Thursday, March 31, 2005

Can you dream big?

Yesterday I wrote about thanking your support team, those special people who do things for us athletes that we take for granted. Today's post is bringing the dream inside you alive.

Yesterday I was talking to a trainer at my gym who is getting back into running. She said she is only jogging right now and we started a conversation about my recent races and training, like running up 'A' Mountain on the ASU campus. Another person in the group asked, "What's the difference between running and jogging, I mean do you just run full out all the time or slow down at all?" I responded from an old advertisement I remembered from a magazine, "The only difference between a runner and jogger is a blank entry form."

It got a few laughs but in thinking about the whole conversation later I realized that really the difference between a jogger and a runner (or triathlete) is being dedicated to the dream. Pastor Tommy Barnett says, "If someone holds onto a dream for five years it will become a reality, but most can't hold onto a dream for five minutes."

My point is not that it takes five years to train for a race but it can take a year, or several months and several thousand minutes of training. It always, no matter what, comes down to having an iron will. Many people would like to do a half ironman or run a marathon or just run a 5k, yet with all the desire and dreaming that goes into that thought it is gone by the next time their offered dessert or a night out with the gang, or simply given the mental task of getting out of a warm bed an hour early.

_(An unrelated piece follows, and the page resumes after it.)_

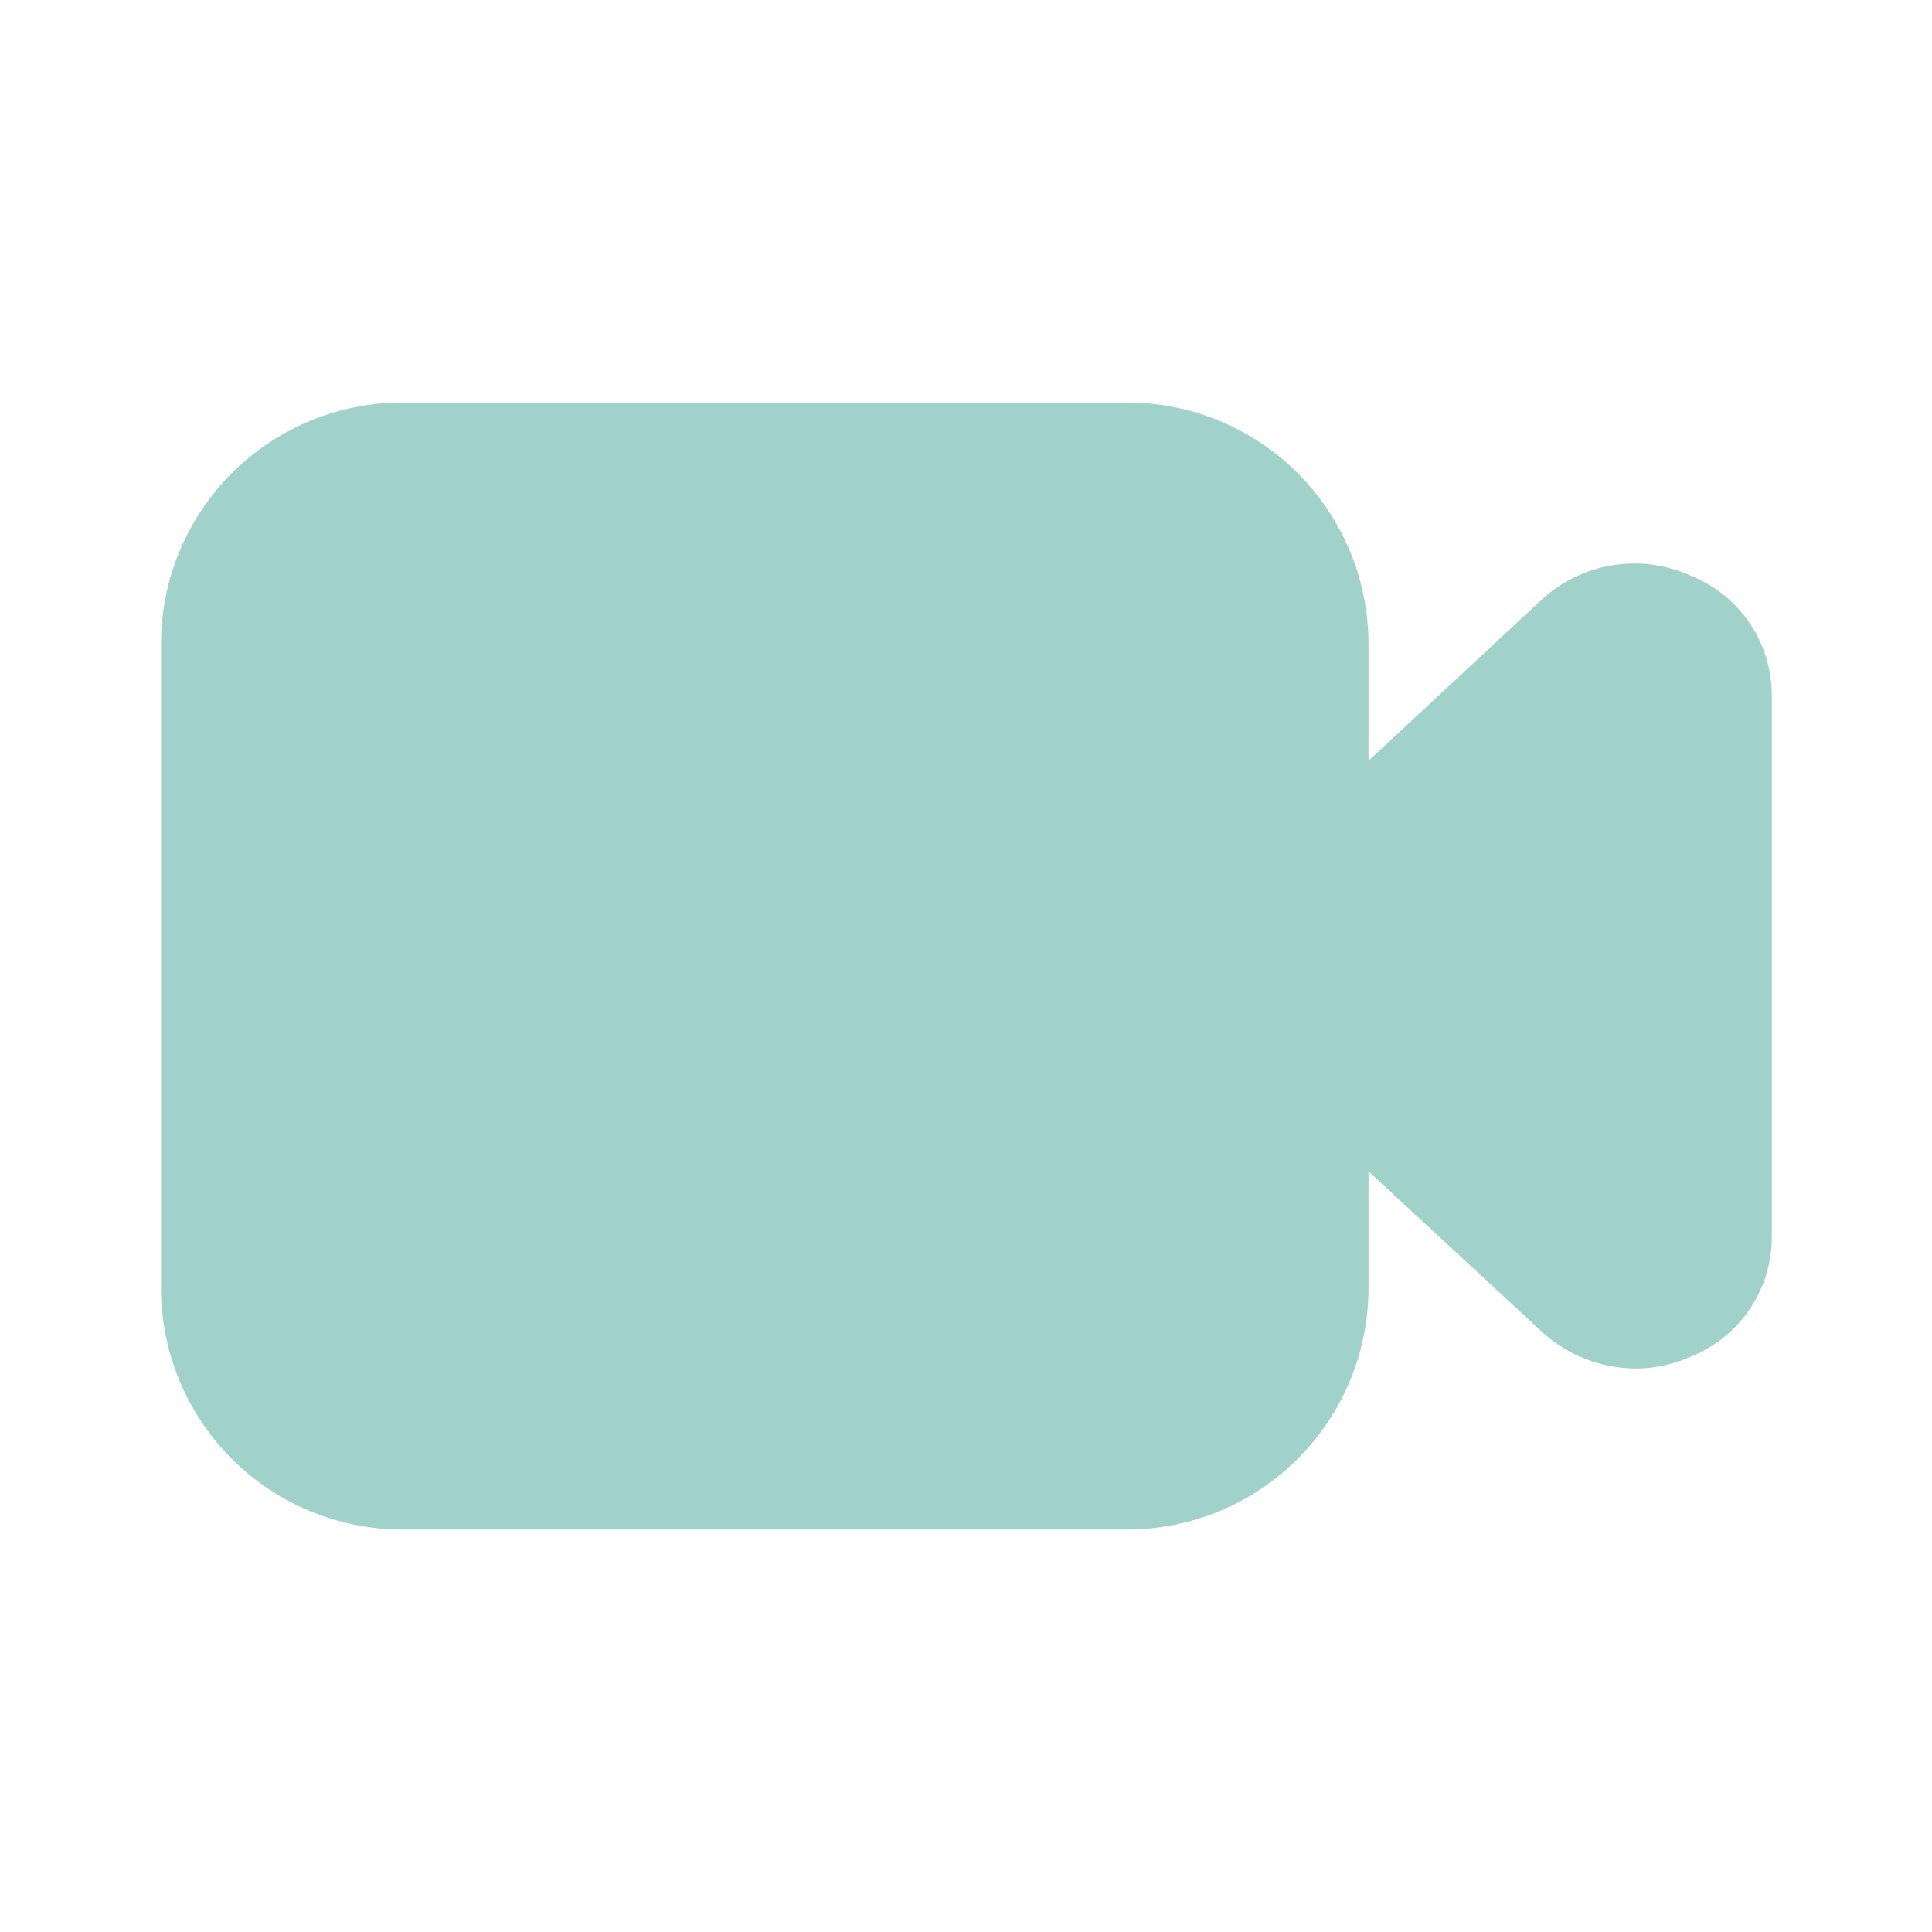 <?xml version="1.0" encoding="UTF-8"?> <svg xmlns="http://www.w3.org/2000/svg" width="50" height="50" viewBox="0 0 50 50" fill="none"> <path d="M43.75 14.896C43.117 14.611 42.414 14.518 41.729 14.629C41.044 14.741 40.406 15.05 39.896 15.521L35.417 19.688V16.667C35.417 15.009 34.758 13.419 33.586 12.247C32.414 11.075 30.824 10.417 29.167 10.417H10.417C8.759 10.417 7.169 11.075 5.997 12.247C4.825 13.419 4.167 15.009 4.167 16.667V33.334C4.167 34.991 4.825 36.581 5.997 37.753C7.169 38.925 8.759 39.584 10.417 39.584H29.167C30.824 39.584 32.414 38.925 33.586 37.753C34.758 36.581 35.417 34.991 35.417 33.334V30.313L39.917 34.479C40.579 35.079 41.44 35.413 42.333 35.417C42.829 35.416 43.319 35.309 43.771 35.104C44.385 34.856 44.912 34.43 45.283 33.88C45.654 33.331 45.853 32.684 45.854 32.021V17.979C45.851 17.314 45.649 16.665 45.274 16.115C44.899 15.566 44.368 15.141 43.75 14.896Z" fill="#A0D2CB"></path> </svg>

So I want all of you reading this to think about your dream 'thing' for a minute, that 'thing' that more than anything you want to do. Now ask yourself these two questions;

1. Is it bigger than you? Us puny humans love to put constraints on our abiilties, if your goal or dream is bigger than you, it comes from God and he wanted us to be the biggest dreamers of them all. We just like to muck it up with pyscho-babble and victimization. When its big, it takes all your effort plus some of His to accomplish.

2. Can you let it go? Dreams are illusive, they can get away from you and thats when doubter's begin to eat away at your resolve. Conversely, when you start to become successful in your dream (losing weight but eat salads instead of burgers, making more money but work more hours), your success changes you and you rise up from those around you. The doubter's will try to pull you back, looking for ways to pull you down. The herd mentality is afraid of success because success is not common, this is the point where people mock you or tempt you. If you can hold on to that dream and keep it in your focus than you will overcome the obstacles and reach your dream. If you can't shake the fact that you missed a training session and have to make it up before you go to bed or double up the next day, you can't let it go.

Someone else said that, if you can do something for 21 days it will become a habit, for good or bad. Good advise. Cutting out bad food, increasing your training in small increments, getting support from your family (buy in from your spouse, honestly if you need buy in from someone you date, you need to think better of yourself) and maybe a coach or trainer and before you know it your hooked into your 'Dream Matrix.' My terminology thank you very much, for being plugged into your new reality, not the false world of Common Man Syndrome.

Do you think you have a dream bigger than yourself? Are you commited to it, regardless of friends you lose or obstacle you confront? Of the changes that you create in yourself? Are you prepared to be successful? Do you get? Now go do it!

2 comments:

White Salamander said...

Excellent post! I nearly missed it thinking that the most recent post was the only one for the day! I'm glad I scrolled down.

What you say about the illusiveness of dreams is so very true. Like my desire to go out on my own as a graphic designer and stop working for someone else. It's a dream but I constantly have to refocus, it's easy to slip into my day to day routine in a miserable unfullfilled comfort zone

Comm's said...

You are absolutely correct and I very easily could have written this and have in fact given talks about business goals using this exact plan.